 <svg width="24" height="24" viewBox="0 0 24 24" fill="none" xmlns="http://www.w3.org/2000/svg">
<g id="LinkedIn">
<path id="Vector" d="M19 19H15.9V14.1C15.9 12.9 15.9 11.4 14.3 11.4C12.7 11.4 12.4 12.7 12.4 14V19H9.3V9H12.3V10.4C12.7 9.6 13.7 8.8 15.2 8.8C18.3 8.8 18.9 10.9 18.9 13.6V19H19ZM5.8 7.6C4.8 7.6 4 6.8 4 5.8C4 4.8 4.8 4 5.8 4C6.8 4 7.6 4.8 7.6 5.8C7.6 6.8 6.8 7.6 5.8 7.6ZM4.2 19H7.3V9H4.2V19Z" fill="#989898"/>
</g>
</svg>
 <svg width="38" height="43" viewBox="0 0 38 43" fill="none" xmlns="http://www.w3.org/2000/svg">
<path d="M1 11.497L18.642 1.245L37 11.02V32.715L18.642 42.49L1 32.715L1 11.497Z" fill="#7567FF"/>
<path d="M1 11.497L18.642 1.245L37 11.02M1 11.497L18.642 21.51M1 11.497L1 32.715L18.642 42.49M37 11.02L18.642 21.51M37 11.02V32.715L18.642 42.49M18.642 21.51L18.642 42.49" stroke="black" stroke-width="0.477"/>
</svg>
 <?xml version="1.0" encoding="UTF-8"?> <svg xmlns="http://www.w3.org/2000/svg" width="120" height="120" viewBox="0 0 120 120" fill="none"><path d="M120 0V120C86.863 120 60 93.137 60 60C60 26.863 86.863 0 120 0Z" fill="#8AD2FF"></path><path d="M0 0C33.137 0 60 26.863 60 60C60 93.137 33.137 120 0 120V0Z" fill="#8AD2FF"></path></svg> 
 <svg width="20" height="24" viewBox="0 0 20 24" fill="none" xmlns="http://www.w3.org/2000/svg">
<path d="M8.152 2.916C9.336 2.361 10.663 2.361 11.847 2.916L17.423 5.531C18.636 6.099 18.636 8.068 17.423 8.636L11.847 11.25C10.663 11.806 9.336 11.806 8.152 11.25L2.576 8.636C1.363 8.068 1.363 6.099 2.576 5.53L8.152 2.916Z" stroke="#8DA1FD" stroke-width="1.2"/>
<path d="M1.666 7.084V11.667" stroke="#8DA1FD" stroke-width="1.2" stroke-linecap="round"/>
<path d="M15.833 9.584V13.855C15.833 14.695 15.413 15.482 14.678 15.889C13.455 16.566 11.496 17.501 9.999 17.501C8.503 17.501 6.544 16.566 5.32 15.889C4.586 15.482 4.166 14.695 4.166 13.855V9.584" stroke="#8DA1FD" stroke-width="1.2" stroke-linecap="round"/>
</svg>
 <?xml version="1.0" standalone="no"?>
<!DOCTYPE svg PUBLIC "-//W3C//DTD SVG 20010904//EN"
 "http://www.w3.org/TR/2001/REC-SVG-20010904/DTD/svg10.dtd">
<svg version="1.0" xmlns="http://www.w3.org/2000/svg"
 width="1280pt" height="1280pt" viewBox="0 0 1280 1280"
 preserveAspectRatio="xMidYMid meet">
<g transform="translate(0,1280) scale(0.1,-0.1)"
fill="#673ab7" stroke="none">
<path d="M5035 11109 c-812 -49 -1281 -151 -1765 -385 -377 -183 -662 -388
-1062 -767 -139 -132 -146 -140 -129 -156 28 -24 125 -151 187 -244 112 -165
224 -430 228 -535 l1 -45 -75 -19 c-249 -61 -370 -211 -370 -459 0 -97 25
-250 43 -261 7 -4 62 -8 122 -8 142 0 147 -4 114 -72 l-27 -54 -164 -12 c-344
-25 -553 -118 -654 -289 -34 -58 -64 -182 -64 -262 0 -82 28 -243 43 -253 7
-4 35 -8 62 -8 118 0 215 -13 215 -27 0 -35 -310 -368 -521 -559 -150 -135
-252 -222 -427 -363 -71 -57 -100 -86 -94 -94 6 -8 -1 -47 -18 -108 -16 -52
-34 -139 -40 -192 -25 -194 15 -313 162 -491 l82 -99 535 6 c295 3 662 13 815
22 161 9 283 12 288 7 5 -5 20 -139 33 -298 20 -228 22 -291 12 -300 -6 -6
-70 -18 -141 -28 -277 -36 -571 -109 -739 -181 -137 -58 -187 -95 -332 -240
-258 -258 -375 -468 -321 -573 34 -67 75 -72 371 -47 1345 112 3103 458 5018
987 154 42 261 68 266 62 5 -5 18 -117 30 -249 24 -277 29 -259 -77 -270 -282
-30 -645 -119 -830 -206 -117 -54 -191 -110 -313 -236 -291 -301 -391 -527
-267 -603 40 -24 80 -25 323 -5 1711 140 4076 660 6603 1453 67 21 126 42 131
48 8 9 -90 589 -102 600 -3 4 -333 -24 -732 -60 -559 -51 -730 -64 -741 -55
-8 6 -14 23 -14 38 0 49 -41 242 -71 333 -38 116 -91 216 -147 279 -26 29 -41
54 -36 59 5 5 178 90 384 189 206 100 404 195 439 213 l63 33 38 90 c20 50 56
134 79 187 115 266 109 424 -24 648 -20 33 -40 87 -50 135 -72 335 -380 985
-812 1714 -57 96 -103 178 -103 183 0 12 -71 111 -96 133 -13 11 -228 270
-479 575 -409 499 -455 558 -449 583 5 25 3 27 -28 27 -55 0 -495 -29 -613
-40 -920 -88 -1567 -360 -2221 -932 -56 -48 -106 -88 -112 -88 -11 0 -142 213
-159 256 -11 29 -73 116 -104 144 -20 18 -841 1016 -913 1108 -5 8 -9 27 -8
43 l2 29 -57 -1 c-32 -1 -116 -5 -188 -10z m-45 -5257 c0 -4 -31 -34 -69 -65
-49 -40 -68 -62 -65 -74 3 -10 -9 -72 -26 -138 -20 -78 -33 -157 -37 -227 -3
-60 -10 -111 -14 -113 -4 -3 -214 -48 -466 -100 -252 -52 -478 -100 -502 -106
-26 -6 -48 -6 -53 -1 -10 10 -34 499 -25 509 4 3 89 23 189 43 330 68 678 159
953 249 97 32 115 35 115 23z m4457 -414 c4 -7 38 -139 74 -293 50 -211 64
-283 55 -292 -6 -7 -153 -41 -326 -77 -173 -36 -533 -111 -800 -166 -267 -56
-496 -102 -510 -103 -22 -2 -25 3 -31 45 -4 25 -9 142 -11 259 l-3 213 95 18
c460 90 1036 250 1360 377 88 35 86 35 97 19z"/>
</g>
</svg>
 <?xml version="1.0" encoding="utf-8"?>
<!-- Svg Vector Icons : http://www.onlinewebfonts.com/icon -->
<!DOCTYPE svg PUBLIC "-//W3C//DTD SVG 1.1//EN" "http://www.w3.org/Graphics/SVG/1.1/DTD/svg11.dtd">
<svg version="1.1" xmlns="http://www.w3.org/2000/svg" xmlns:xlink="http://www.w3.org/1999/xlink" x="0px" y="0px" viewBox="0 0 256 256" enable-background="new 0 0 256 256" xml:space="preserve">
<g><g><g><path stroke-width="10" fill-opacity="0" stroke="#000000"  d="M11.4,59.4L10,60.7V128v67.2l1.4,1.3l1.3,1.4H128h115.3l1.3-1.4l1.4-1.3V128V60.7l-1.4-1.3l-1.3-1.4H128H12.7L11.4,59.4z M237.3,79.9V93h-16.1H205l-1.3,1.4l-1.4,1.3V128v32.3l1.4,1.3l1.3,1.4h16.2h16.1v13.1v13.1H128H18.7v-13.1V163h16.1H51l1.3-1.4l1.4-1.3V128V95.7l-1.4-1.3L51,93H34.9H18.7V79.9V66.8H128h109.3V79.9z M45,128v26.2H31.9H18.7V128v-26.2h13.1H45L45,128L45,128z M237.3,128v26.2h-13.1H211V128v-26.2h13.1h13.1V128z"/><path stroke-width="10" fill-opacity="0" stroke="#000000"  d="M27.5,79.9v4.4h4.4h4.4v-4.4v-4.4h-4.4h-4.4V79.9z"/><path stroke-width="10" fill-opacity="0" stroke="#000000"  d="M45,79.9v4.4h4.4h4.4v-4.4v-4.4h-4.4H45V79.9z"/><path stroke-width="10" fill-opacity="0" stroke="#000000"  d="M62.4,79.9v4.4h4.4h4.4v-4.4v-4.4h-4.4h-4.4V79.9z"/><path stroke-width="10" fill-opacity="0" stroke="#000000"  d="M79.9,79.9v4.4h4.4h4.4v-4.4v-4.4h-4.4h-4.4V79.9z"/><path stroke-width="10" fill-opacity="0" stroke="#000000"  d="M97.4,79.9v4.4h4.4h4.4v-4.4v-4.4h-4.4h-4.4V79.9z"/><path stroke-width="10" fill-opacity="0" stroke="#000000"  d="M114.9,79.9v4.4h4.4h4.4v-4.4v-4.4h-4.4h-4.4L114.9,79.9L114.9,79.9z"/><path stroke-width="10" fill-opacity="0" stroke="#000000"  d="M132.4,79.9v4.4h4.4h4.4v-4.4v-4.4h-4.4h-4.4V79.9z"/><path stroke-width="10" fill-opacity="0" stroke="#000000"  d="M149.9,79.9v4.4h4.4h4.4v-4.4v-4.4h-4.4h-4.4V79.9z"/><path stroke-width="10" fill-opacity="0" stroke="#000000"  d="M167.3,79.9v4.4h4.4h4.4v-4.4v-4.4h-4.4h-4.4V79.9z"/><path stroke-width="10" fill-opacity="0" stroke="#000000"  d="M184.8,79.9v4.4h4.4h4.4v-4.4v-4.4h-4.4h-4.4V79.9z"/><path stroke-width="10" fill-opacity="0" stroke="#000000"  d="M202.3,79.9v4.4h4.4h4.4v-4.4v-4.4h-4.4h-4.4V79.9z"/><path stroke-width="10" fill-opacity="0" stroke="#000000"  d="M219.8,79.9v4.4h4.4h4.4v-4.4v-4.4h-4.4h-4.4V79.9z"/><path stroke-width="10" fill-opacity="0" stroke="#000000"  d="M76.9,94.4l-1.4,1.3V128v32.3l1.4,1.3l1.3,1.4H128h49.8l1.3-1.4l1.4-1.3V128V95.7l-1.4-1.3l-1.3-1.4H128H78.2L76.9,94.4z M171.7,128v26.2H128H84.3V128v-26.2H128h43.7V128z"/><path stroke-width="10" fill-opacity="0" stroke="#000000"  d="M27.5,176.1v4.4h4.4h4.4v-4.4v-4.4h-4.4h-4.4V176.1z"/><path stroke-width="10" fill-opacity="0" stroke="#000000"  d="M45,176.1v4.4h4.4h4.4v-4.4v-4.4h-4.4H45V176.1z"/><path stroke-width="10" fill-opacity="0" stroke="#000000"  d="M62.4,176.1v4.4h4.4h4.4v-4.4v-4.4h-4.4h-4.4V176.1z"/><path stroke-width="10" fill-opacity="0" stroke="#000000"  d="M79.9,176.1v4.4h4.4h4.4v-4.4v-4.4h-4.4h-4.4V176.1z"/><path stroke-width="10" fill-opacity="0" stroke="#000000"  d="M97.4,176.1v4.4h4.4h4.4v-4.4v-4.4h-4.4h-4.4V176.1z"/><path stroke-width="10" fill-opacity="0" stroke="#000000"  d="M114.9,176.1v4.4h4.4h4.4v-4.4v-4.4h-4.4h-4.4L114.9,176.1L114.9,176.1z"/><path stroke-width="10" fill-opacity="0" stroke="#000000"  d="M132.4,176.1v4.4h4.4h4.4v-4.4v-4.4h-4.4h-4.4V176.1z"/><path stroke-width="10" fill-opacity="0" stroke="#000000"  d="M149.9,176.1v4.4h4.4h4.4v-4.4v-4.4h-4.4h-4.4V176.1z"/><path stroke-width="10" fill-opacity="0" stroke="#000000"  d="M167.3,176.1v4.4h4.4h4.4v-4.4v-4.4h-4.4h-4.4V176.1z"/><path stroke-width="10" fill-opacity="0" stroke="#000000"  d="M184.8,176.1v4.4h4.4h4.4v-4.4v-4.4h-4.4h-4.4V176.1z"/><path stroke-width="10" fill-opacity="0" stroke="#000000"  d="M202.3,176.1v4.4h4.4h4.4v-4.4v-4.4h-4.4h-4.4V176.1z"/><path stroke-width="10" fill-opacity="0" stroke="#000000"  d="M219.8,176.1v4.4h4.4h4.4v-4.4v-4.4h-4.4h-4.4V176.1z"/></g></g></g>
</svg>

________________

### Work instructions
All lines that contain the word "PUBLIC" should be copied from the listing.

### Answer section
<!DOCTYPE svg PUBLIC "-//W3C//DTD SVG 20010904//EN"
<!DOCTYPE svg PUBLIC "-//W3C//DTD SVG 1.1//EN" "http://www.w3.org/Graphics/SVG/1.1/DTD/svg11.dtd">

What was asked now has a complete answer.